Activists are going after the best of the best these days. They don't want to lose money, so they pick targets that are successful, and they put heat on them to do even more. They are going after people who have built a straight, and they try to get a full house out of them. It's not easy, and for many it's just ridiculously difficult. But the activists know they have a winning hand each way, so they are in a no-lose situation.
It's too bad, because there are plenty of situations that are begging for activists to strike. Let me give you two classic situations: United Technologies (UTX) and McDonald's (MCD).
For many years United Technologies was the cream of the crop, a technological marvel that dominated in heating ventilation and air conditioning; in defense -- mostly helicopter; and in elevators and aerospace. The company performed well at a time when General Electric (GE), a competitor, was on the ropes, because of excellent balance-sheet management.
But the stock has been very listless of late, and on Friday we learned that now-former CEO Louis Chenevert may or may not have been spending too much time fine-tuning his yacht. I say "may or may not" because the company didn't even make it clear if that's why Louis Chenevert was gone well before his time was up.

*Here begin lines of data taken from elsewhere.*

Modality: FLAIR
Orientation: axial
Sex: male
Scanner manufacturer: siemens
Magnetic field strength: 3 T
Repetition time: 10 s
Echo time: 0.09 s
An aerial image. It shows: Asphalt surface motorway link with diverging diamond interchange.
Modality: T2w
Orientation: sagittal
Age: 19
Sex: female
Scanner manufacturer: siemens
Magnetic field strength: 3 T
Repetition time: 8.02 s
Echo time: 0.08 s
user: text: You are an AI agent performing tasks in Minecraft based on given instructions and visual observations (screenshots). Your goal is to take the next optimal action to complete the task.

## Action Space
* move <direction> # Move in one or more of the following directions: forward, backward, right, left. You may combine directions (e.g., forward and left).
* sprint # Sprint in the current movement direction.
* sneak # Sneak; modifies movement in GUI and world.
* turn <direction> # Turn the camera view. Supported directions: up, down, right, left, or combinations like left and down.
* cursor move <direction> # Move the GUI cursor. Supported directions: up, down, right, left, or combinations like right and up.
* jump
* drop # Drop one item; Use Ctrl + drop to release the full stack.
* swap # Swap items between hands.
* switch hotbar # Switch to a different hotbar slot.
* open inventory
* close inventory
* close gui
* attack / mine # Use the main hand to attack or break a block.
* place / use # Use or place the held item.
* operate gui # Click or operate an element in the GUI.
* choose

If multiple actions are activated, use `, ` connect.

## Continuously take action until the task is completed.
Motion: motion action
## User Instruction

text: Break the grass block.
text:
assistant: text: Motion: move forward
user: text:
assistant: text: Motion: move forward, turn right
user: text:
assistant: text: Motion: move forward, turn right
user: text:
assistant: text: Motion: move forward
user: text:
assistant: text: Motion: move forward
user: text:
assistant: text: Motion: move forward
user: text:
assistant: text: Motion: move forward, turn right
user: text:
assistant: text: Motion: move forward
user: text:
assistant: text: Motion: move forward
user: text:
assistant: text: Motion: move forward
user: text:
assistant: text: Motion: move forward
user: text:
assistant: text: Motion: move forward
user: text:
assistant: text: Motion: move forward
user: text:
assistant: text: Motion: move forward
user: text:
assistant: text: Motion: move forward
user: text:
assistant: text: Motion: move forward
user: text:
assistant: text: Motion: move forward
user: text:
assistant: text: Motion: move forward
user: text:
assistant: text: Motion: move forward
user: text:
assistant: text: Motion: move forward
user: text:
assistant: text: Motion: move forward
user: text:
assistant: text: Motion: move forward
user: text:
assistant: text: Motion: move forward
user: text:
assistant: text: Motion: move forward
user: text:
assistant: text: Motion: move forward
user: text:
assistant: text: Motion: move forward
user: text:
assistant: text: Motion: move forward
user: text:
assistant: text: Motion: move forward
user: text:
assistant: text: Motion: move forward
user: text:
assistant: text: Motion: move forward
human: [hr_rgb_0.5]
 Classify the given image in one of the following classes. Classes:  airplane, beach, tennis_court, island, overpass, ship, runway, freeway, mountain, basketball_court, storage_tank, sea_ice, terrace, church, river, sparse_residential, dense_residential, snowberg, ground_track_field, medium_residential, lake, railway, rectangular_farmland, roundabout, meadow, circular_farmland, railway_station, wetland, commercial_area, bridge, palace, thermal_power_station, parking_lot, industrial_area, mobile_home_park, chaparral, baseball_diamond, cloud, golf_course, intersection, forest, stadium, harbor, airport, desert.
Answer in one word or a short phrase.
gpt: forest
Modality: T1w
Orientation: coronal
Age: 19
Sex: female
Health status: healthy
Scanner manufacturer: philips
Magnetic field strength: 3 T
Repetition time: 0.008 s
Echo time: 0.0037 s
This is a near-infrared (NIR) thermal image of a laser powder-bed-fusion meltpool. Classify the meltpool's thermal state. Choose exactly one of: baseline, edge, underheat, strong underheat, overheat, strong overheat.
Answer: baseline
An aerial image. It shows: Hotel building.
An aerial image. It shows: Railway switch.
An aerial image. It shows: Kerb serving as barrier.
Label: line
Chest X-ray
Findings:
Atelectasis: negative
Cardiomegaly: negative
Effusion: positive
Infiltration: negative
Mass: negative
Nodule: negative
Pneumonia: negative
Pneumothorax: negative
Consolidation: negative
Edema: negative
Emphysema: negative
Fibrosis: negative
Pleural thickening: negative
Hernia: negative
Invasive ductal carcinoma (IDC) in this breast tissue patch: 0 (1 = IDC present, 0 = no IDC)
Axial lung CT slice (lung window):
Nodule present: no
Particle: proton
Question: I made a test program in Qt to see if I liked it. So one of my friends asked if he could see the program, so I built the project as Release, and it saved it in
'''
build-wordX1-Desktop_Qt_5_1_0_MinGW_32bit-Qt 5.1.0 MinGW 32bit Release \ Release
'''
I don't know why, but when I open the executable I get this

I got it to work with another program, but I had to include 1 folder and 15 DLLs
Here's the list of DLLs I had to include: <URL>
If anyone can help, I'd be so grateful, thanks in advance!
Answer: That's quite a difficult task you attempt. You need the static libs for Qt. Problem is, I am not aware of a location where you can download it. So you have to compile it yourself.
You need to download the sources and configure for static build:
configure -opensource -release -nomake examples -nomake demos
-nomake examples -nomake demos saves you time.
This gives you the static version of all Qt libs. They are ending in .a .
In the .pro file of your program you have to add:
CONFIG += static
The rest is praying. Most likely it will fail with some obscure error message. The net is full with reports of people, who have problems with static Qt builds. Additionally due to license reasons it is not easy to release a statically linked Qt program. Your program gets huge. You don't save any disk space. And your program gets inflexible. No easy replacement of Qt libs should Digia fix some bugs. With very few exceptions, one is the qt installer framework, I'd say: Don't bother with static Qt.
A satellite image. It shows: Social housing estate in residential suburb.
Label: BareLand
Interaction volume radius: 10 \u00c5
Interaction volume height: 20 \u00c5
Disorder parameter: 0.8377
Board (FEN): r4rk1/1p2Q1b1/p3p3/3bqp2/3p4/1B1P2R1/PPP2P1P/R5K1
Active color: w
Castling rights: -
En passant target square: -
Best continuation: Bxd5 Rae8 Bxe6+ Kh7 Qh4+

Judging by the tenor of the Wall Street Journal story, it was an open secret that this gentlemen spent a ton of time augmenting the size of his boats, and the story pretty much read as if he had an obsession with boats, and not with the company. When other companies were trying to figure out whether to shrink or to grow, this man seemed to have been figuring out whether it might be more fun to have a 100-foot yacht than a 60-foot one.
I don't know about you, but I found this kind of story downright embarrassing. I have been taking heat of late from certain quarters about how I spend my time. But, believe me, the heat I care about is from home, because the people who love me think I work too hard.
This guy obviously had time to burn. He made an excellent target. But, then again, United Tech shares were down with a losing hand. Therefore, no activists went after him. That's just crazy.
Then there's McDonald's. I am hearing a lot of talk about how there's nothing can be done with McDonald's -- that it is just selling the wrong kind of food. But with that balance sheet and that reach, believe me, you can do something to turn around the fortunes of this company. Yet no one seems to want to take on CEO Don Thompson, even after the recent numbers, which I admit were horrendous. I say, Burger King (BKW) turned around, and so did Wendy's (WEN). McDonald's is stronger, and it has a better brand than both of those. It is ripe for activism. Again, though, it doesn't fit the bill because it is a loser -- not a winner.
I would love to see a return to the old days, when CEOs of typically well-performing companies would take heat when the companies faltered and the stock prices lagged. That would be fair, and it would be a positive -- not rapacious form of capitalism.
But that's not how it works anymore. Go ask Andrew Liveris, CEO of Dow Chemical (DOW), or Indra Nooyi of Pepsico (PEP), or David Pyott of Allergan (AGN), all of whom have been subjected to attacks that should have been reserved for the likes of Thompson and Chenevert. It's not too late for the former. But the latter? He's got his yacht and his huge pay package, and he alone is the winner in the sad United Tech saga.